• **Data for review**
----

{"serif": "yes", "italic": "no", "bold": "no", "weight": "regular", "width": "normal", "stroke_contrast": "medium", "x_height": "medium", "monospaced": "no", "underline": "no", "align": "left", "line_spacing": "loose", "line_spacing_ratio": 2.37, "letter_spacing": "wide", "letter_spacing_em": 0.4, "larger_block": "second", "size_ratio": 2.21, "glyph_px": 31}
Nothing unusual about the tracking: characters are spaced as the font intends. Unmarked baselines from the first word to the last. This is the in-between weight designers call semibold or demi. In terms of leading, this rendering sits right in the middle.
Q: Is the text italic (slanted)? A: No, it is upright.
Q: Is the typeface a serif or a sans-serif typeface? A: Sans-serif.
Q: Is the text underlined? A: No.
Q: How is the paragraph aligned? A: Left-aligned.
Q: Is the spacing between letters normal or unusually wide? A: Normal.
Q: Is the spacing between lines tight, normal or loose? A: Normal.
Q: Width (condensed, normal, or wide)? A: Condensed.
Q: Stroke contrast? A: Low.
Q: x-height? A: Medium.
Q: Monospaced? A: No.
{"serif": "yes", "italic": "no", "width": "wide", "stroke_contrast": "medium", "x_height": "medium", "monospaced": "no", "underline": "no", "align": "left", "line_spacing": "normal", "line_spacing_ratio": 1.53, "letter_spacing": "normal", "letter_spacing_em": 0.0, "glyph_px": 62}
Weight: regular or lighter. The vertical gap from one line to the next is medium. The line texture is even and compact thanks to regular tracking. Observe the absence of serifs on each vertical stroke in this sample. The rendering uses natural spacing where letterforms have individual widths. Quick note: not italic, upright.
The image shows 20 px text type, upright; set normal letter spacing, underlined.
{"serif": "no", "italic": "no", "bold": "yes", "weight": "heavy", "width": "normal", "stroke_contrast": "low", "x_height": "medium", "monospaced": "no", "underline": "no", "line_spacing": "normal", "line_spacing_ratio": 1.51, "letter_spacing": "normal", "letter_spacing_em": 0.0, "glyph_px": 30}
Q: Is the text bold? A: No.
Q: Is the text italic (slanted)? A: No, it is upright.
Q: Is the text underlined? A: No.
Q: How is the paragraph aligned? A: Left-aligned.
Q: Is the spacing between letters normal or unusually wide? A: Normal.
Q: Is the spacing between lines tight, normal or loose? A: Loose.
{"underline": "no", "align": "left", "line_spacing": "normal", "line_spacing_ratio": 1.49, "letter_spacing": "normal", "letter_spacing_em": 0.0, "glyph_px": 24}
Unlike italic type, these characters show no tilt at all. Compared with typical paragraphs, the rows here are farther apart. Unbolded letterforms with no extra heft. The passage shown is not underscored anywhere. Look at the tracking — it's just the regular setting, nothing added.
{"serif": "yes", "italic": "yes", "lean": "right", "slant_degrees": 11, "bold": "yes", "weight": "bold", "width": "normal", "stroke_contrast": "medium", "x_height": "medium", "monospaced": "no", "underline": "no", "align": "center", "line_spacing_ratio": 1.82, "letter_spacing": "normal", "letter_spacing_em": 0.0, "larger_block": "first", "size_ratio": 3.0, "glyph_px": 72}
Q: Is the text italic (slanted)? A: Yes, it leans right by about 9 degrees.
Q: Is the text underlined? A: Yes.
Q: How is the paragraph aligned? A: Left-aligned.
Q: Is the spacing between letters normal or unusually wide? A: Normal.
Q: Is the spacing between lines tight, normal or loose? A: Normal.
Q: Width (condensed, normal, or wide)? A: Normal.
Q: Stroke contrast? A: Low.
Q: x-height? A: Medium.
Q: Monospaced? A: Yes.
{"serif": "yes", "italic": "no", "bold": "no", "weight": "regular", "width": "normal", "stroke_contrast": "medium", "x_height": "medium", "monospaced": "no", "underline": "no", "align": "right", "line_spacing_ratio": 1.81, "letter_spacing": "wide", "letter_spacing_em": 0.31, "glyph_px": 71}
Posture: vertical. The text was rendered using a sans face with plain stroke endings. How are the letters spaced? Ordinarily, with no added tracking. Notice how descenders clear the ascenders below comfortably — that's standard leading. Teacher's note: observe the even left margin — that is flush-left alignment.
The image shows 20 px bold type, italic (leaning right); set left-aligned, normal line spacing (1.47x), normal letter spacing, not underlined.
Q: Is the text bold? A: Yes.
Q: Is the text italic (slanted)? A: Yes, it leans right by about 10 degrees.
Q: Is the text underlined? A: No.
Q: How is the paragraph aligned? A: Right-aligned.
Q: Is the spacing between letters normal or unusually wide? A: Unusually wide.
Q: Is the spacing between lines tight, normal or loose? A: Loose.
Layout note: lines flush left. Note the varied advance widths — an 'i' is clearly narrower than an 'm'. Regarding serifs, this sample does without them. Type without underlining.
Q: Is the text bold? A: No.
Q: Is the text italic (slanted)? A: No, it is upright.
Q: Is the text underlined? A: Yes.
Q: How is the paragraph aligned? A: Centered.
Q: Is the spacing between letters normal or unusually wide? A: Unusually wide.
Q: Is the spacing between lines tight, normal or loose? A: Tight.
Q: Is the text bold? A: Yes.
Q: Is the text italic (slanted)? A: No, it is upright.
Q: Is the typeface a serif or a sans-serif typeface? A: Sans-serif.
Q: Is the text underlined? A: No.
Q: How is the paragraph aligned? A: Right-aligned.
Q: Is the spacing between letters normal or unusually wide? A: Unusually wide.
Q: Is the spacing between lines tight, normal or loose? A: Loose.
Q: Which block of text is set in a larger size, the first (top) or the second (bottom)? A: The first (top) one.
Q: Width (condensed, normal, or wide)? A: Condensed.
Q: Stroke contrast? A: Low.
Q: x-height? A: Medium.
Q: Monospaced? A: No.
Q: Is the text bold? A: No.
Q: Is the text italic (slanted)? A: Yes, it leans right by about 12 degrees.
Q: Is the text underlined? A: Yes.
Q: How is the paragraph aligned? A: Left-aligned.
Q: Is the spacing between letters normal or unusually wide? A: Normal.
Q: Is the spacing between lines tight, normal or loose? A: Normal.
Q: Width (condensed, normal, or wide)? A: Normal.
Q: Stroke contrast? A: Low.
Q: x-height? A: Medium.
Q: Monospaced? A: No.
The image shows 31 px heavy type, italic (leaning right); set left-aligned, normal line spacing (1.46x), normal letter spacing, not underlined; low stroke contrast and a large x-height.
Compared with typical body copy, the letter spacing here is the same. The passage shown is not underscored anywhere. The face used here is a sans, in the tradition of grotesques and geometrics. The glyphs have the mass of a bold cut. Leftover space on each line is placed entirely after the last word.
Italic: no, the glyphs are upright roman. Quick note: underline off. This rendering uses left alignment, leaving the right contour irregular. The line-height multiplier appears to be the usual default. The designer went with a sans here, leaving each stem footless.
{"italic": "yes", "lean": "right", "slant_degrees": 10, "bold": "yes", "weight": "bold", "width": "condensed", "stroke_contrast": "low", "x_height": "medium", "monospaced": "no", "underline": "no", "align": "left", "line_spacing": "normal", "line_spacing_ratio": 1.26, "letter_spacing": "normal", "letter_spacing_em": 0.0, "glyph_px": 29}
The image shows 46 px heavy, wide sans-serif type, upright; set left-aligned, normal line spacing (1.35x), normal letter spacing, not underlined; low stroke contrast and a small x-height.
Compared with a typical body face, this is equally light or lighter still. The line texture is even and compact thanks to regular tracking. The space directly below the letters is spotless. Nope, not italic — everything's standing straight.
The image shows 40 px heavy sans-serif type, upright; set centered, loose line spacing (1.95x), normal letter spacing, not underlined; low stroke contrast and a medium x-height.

----

• **Activity**
Go through the listing above and find each line that contains "serifs", then copy it.

• **Finished task**
Weight: regular or lighter. The vertical gap from one line to the next is medium. The line texture is even and compact thanks to regular tracking. Observe the absence of serifs on each vertical stroke in this sample. The rendering uses natural spacing where letterforms have individual widths. Quick note: not italic, upright.
Layout note: lines flush left. Note the varied advance widths — an 'i' is clearly narrower than an 'm'. Regarding serifs, this sample does without them. Type without underlining.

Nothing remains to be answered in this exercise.